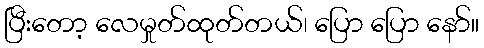
ပြီးတော့ လေမှုတ်ထုတ်တယ်၊ ပြော ပြော နော်။
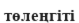
төлеңгіті
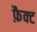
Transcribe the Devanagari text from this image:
फ़ैक्ट
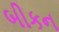
બીકન
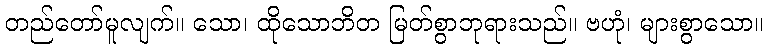
တည်တော်မူလျက်။ သော၊ ထိုသောဘိတ မြတ်စွာဘုရားသည်။ ဗဟုံ၊ များစွာသော။
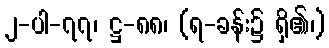
၂-ပါ-၇၇၊ ဋ္ဌ-၈၈၊ (ရ-ခန်း၌ ရှိ၏၊)
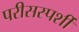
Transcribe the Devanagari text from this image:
परीसस्पर्शी
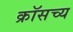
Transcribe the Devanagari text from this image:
क्रॉसच्य
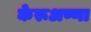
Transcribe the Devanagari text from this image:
केरूअण्णा
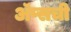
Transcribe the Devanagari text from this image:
ॲप्सची
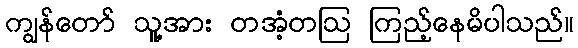
ကျွန်တော် သူ့အား တအံ့တဩ ကြည့်နေမိပါသည်။
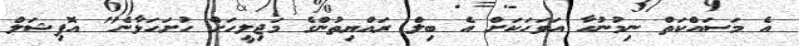
އެ މަސައްކަތް ނިމުނުހާ އަވަހަކަށް އެ ބިލް ރައްޔިތުންގެ މަޖިލީހަށް ހުށަހަޅާނެ" އޮފިޝަލް
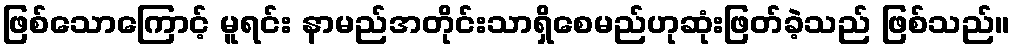
ဖြစ်သောကြောင့် မူရင်း နာမည်အတိုင်းသာရှိစေမည်ဟုဆုံးဖြတ်ခဲ့သည် ဖြစ်သည်။
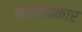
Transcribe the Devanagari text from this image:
कथनप्रकार
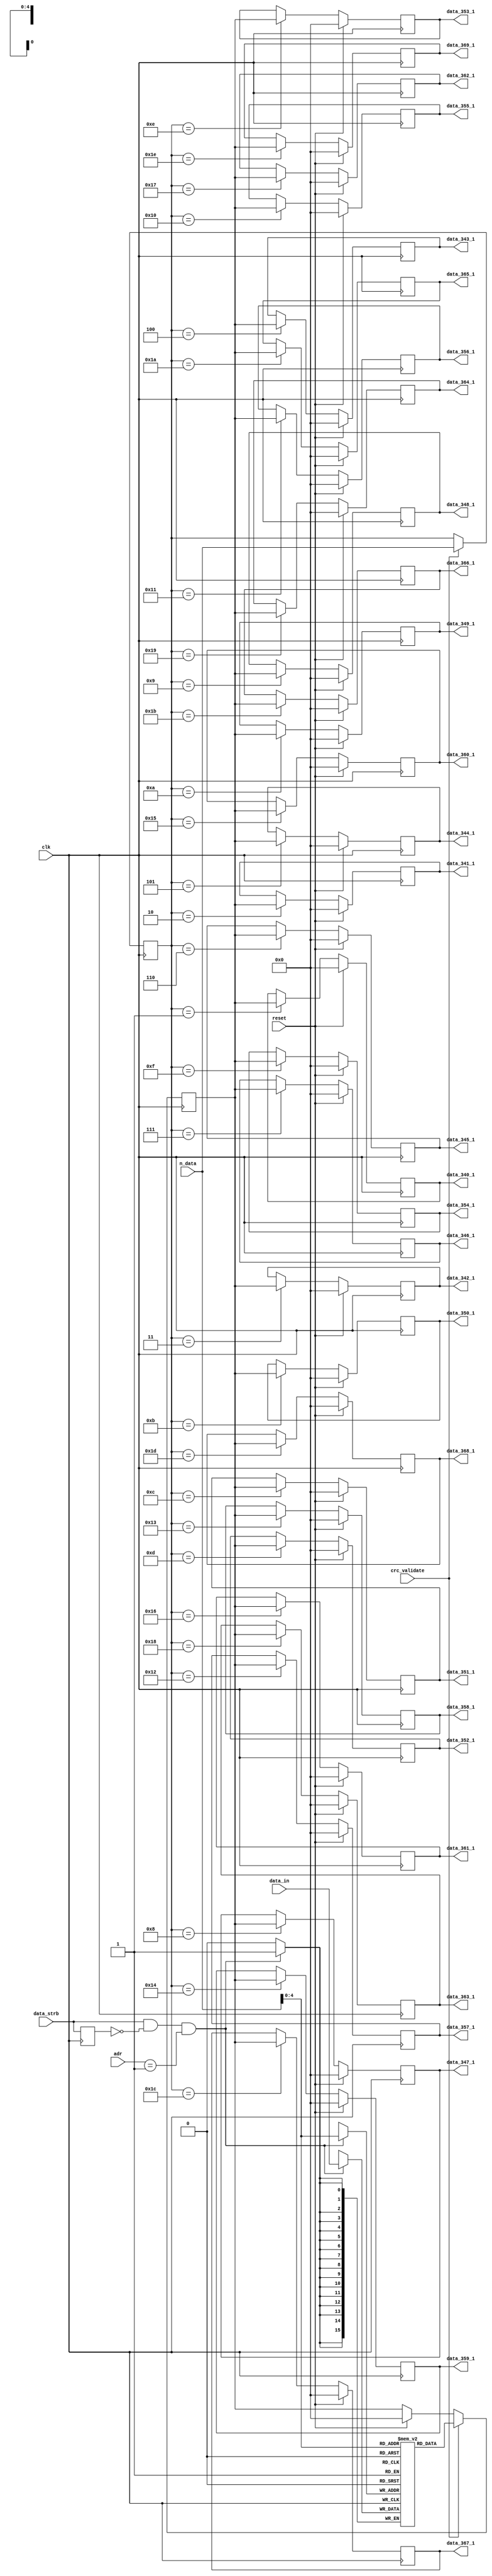
module data_demux_1 (
								input 		 clk,
								input [7:0]  adr,
								input [7:0]  n_data,
								input [15:0] data_in,
								input 		 data_strb,
								input        crc_validate,
								input 		 reset,
																	output reg [15:0] data_340_1,
																	output reg [15:0] data_341_1,
																	output reg [15:0] data_342_1,
																	output reg [15:0] data_343_1,
																	output reg [15:0] data_344_1,
																	output reg [15:0] data_345_1,
																	output reg [15:0] data_346_1,
																	output reg [15:0] data_347_1,
																	output reg [15:0] data_348_1,
																	output reg [15:0] data_349_1,
																	output reg [15:0] data_350_1,
																	output reg [15:0] data_351_1,
																	output reg [15:0] data_352_1,
																	output reg [15:0] data_353_1,
																	output reg [15:0] data_354_1,
																	output reg [15:0] data_355_1,
																	output reg [15:0] data_356_1,
																	output reg [15:0] data_357_1,
																	output reg [15:0] data_358_1,
																	output reg [15:0] data_359_1,
																	output reg [15:0] data_360_1,
																	output reg [15:0] data_361_1,
																	output reg [15:0] data_362_1,
																	output reg [15:0] data_363_1,
																	output reg [15:0] data_364_1,
																	output reg [15:0] data_365_1,
																	output reg [15:0] data_366_1,
																	output reg [15:0] data_367_1,
																	output reg [15:0] data_368_1,
																	output reg [15:0] data_369_1

																											);

parameter [7:0]  slave_id        = 1;
parameter [7:0]  number_of_reg   = 30;

(*ramstyle = "no_rw_check"*)reg [15:0] mem [number_of_reg:0];
	
      reg        previous_strb_0 =  1'b0;
		
		reg [15:0] data_buff       = 16'h0000;
		reg [7:0]  n                =  8'h00;
		
initial begin
	data_340_1 = 16'h0000;
	data_341_1 = 16'h0000;
	data_342_1 = 16'h0000;
	data_343_1 = 16'h0000;
	data_344_1 = 16'h0000;
	data_345_1 = 16'h0000;
	data_346_1 = 16'h0000;
	data_347_1 = 16'h0000; 
	data_348_1 = 16'h0000;
	data_349_1 = 16'h0000;
	data_350_1 = 16'h0000;
	data_351_1 = 16'h0000;
	data_352_1 = 16'h0000;
	data_353_1 = 16'h0000;
	data_354_1 = 16'h0000;
	data_355_1 = 16'h0000;
	data_356_1 = 16'h0000;
	data_357_1 = 16'h0000; 
	data_358_1 = 16'h0000;
	data_359_1 = 16'h0000;
	data_360_1 = 16'h0000;
	data_361_1 = 16'h0000;
	data_362_1 = 16'h0000;
	data_363_1 = 16'h0000;
	data_364_1 = 16'h0000;
	data_365_1 = 16'h0000;
	data_366_1 = 16'h0000;
	data_367_1 = 16'h0000; 
	data_368_1 = 16'h0000;
	data_369_1 = 16'h0000;
end


always @(posedge clk) begin
	
	if(reset)
		data_buff <= 16'h0000;
	else begin end
	
	previous_strb_0 <= data_strb;

	if(data_strb && !previous_strb_0 && adr == slave_id) begin
		mem[n_data] <= data_in;
	end
	else begin end

	
	if(crc_validate) begin	
			data_buff <= mem[n_data];
			n <= n_data;
	end
	else begin end
	
end

always @(posedge clk) begin
	
	if(reset) begin
		data_340_1 <= 16'h0000;
		data_341_1 <= 16'h0000;
		data_342_1 <= 16'h0000;
		data_343_1 <= 16'h0000;
		data_344_1 <= 16'h0000;
		data_345_1 <= 16'h0000;
		data_346_1 <= 16'h0000;
		data_347_1 <= 16'h0000; 
		data_348_1 <= 16'h0000;
		data_349_1 <= 16'h0000;
		data_350_1 <= 16'h0000;
		data_351_1 <= 16'h0000;
		data_352_1 <= 16'h0000;
		data_353_1 <= 16'h0000;
		data_354_1 <= 16'h0000;
		data_355_1 <= 16'h0000;
		data_356_1 <= 16'h0000;
		data_357_1 <= 16'h0000; 
		data_358_1 <= 16'h0000;
		data_359_1 <= 16'h0000;
		data_360_1 <= 16'h0000;
		data_361_1 <= 16'h0000;
		data_362_1 <= 16'h0000;
		data_363_1 <= 16'h0000;
		data_364_1 <= 16'h0000;
		data_365_1 <= 16'h0000;
		data_366_1 <= 16'h0000;
		data_367_1 <= 16'h0000; 
		data_368_1 <= 16'h0000;
		data_369_1 <= 16'h0000;
	end
	else begin
	
		case(n)
		
			1:  data_340_1 <= data_buff;
			2:  data_341_1 <= data_buff;
			3:  data_342_1 <= data_buff;
			4:  data_343_1 <= data_buff;
			5:  data_344_1 <= data_buff;
			6:  data_345_1 <= data_buff;
			7:  data_346_1 <= data_buff;
			8:  data_347_1 <= data_buff;
			9:  data_348_1 <= data_buff;
			10: data_349_1 <= data_buff;
			11: data_350_1 <= data_buff;
			12: data_351_1 <= data_buff;
			13: data_352_1 <= data_buff;
			14: data_353_1 <= data_buff;
			15: data_354_1 <= data_buff;
			16: data_355_1 <= data_buff;
			17: data_356_1 <= data_buff;
			18: data_357_1 <= data_buff;
			19: data_358_1 <= data_buff;
			20: data_359_1 <= data_buff;
			21: data_360_1 <= data_buff;
			22: data_361_1 <= data_buff;
			23: data_362_1 <= data_buff;
			24: data_363_1 <= data_buff;
			25: data_364_1 <= data_buff;
			26: data_365_1 <= data_buff;
			27: data_366_1 <= data_buff;
			28: data_367_1 <= data_buff;
			29: data_368_1 <= data_buff;
			30: data_369_1 <= data_buff;
	
			default: begin end
		endcase
	
	end
		
end

endmodule
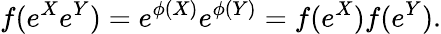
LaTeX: f(e^{X}e^{Y})=e^{\phi(X)}e^{\phi(Y)}=f(e^{X})f(e^{Y}).
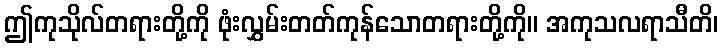
ဤကုသိုလ်တရားတို့ကို ဖုံးလွှမ်းတတ်ကုန်သောတရားတို့ကို။ အကုသလရာသီတိ၊
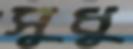
সুধু
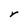
Character: r
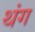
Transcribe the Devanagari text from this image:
थंग
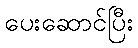
ပေးဆောင်ပြီး
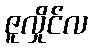
ဇူလှိုင်လ
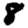
Digit: 8
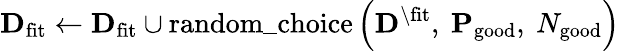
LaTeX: \mathbf{D}_{\mathrm{fit}}\leftarrow\mathbf{D}_{\mathrm{fit}}\cup\mathrm{random{\_ }choice}\left(\mathbf{D}^{\backslash\mathrm{fit}},\ \mathbf{P}_{\mathrm{good}},\ N_{\mathrm{good}}\right)
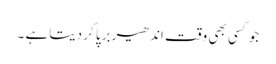
جو کسی بھی وقت اندھیر برپا کر دیتا ہے ۔
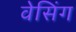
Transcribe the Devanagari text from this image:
वेसिंग
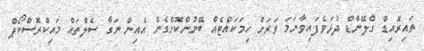
ތައިރޮއިޑް ގްލޭންޑް ދުޅަވެފައިވާނަމަ ވަރަށް ހިމަކައްޓެއް ބޭނުންކޮށްގެން އެއިން ނަގާ ސެލްތައް މައިކްރޮސްކޯޕް
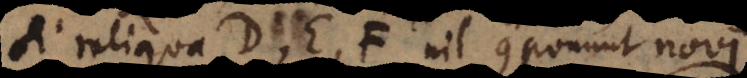
Si reliqua D, E, F nil componunt novi,
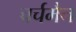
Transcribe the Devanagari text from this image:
चर्चमैन
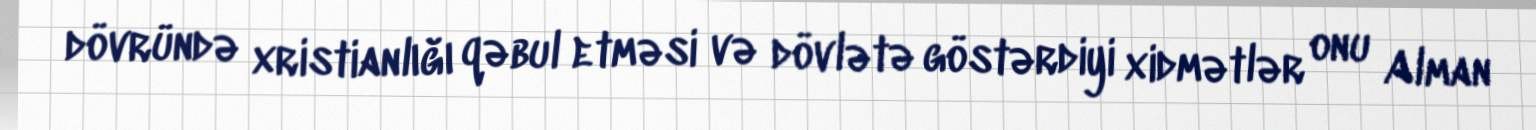
dövründə xristianlığı qəbul etməsi və dövlətə göstərdiyi xidmətlər onu Alman
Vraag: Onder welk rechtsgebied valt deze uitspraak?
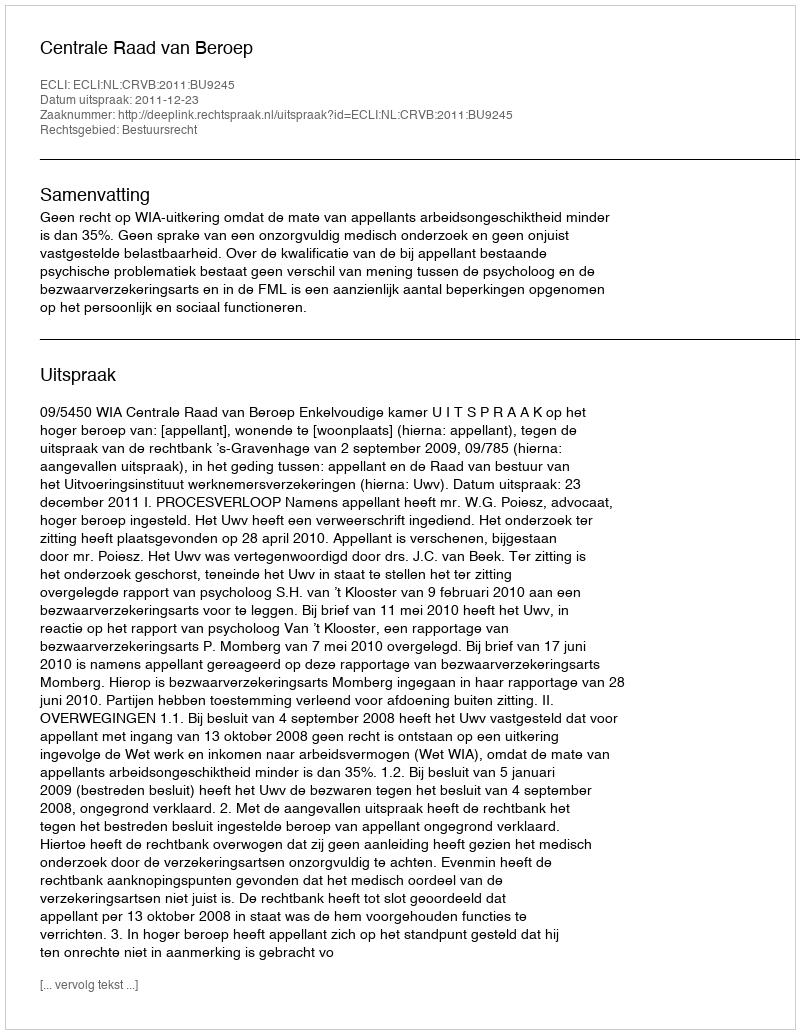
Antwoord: Bestuursrecht
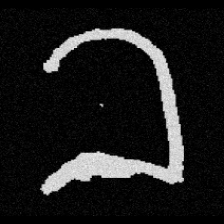
Pyu character \u2014 Myanmar letter: ခ (romanized: kha)
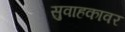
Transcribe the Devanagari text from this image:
सुवाहकावर
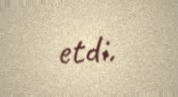
etdi.
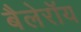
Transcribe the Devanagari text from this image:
बैलेरॉय
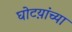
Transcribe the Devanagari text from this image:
घोटय़ांच्या
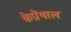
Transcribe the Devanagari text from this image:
केप्रोंथाल
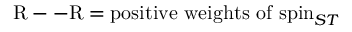
\mathrm { R - - R } = \mathrm { p o s i t i v e ~ w e i g h t s ~ o f ~ } \mathrm { s p i n } _ { S T }
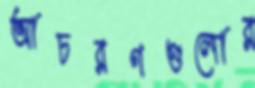
আচরণগুলোর
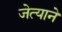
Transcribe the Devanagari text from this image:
जेत्याने
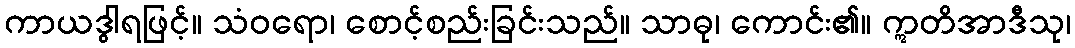
ကာယဒွါရဖြင့်။ သံဝရော၊ စောင့်စည်းခြင်းသည်။ သာဓု၊ ကောင်း၏။ ဣတိအာဒီသု၊
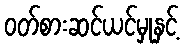
ဝတ်စားဆင်ယင်မှုနှင့်
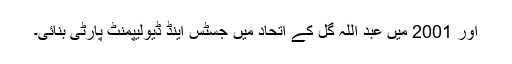
اور 2001 میں عبد اللہ گل کے اتحاد میں جسٹس اینڈ ڈیولیپمنٹ پارٹی بنائی۔
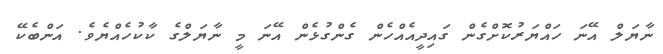
ނާޔަލް އޭނަ ހައްޔަރުކޮށްގެން ގައިދީއެއްހެން ގެންގުޅެން އޭނަ މީ ނާޔަލްގެ ކާކުހެއްޔެވެ. އަންބެކޭ
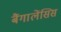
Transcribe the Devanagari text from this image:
बैंगालेंसिस
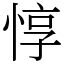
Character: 惇
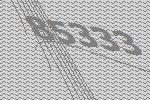
85333
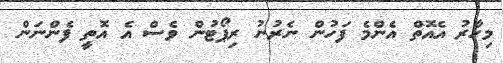
މިހާރު އެއޮތް އެންމެ ފަހުން ނެރުނު ރިޕޯޓުން ވެސް އެ އޮތީ ފެންނަން
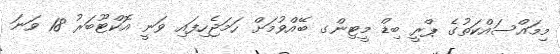
މިމައްސައްކަތުގެ ޕްރީ ބިޑް މީޓިންގ ބޭއްވުމަށް ހަމަޖެހިފައި ވަނީ އޮކްޓޫބަރު 18 ވަނަ
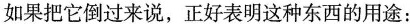
如果把它倒过来说，正好表明这种东西的用途：
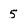
Character: 5
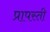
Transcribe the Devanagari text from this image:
प्रापस्ती
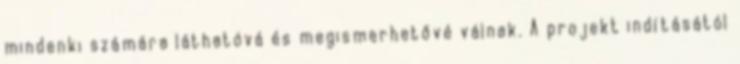
mindenki számára láthatóvá és megismerhetővé válnak. A projekt indításától
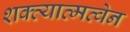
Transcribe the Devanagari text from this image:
शक्त्यात्मत्वेन
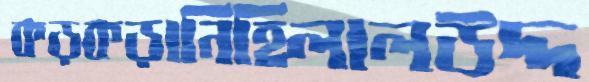
কড়কড়ানিহিলালউদ্দ
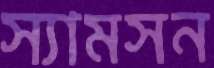
স্যামসন
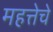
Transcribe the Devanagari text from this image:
महत्तेचे
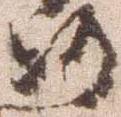
沙
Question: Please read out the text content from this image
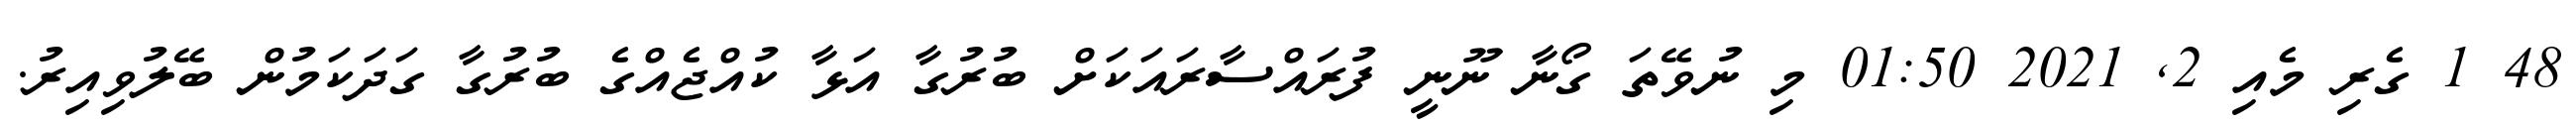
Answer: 48 1 ގެރި މެއި 2, 2021 01:50 މި ނުވޭތަ ގޯނާ ނޫނީ ފުރައްސާރައަކަށް ބުރުގާ އަޅާ ކުއްޖެއްގެ ބުރުގާ ގަދަކަމުން ބޭލުވިއިރު.
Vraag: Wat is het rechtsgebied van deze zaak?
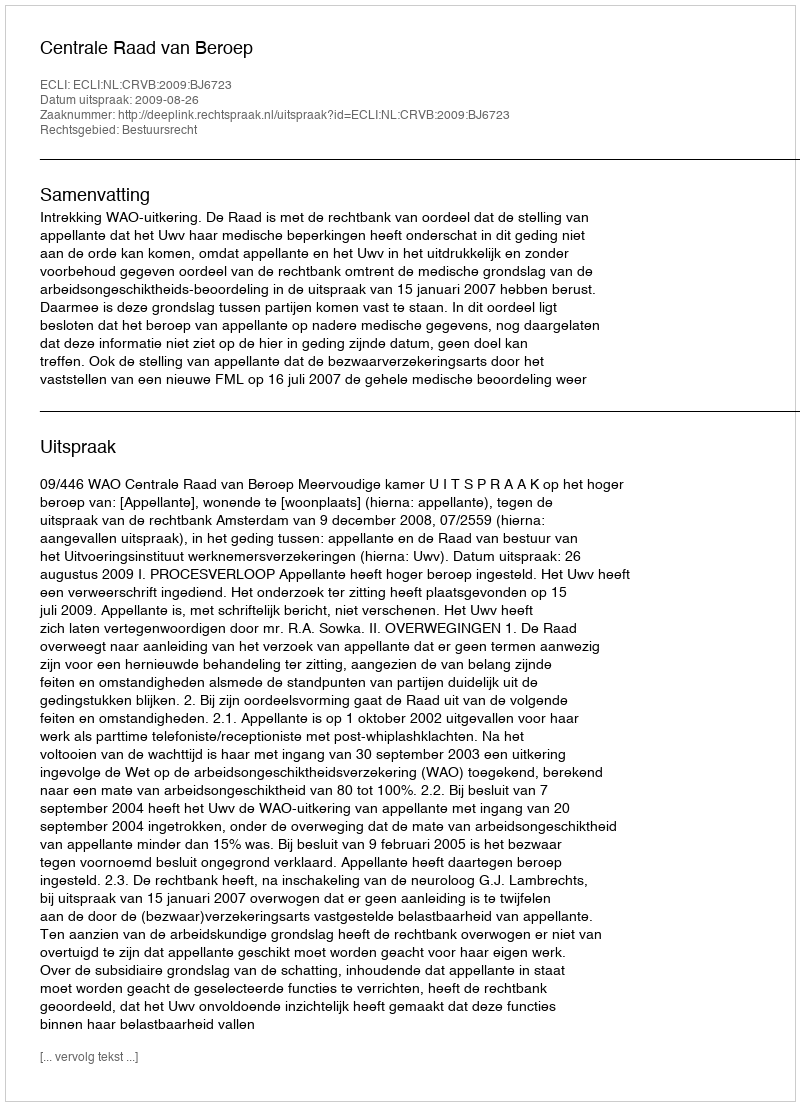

━━━━━━━━━━━━━━━━━━━━

## [EXERCISE DIRECTIONS]
With the pictures left out, copy exactly the lines from the one containing "Character: 惇" through the final line of the records above, both included.

## [RESPONSE]
Character: 惇
85333
މިހާރު އެއޮތް އެންމެ ފަހުން ނެރުނު ރިޕޯޓުން ވެސް އެ އޮތީ ފެންނަން
މިމައްސައްކަތުގެ ޕްރީ ބިޑް މީޓިންގ ބޭއްވުމަށް ހަމަޖެހިފައި ވަނީ އޮކްޓޫބަރު 18 ވަނަ
如果把它倒过来说，正好表明这种东西的用途：
Character: 5
Transcribe the Devanagari text from this image:
प्रापस्ती
mindenki számára láthatóvá és megismerhetővé válnak. A projekt indításától
Transcribe the Devanagari text from this image:
शक्त्यात्मत्वेन
কড়কড়ানিহিলালউদ্দ
স্যামসন
Transcribe the Devanagari text from this image:
महत्तेचे
沙
Question: Please read out the text content from this image
Answer: 48 1 ގެރި މެއި 2, 2021 01:50 މި ނުވޭތަ ގޯނާ ނޫނީ ފުރައްސާރައަކަށް ބުރުގާ އަޅާ ކުއްޖެއްގެ ބުރުގާ ގަދަކަމުން ބޭލުވިއިރު.
Vraag: Wat is het rechtsgebied van deze zaak?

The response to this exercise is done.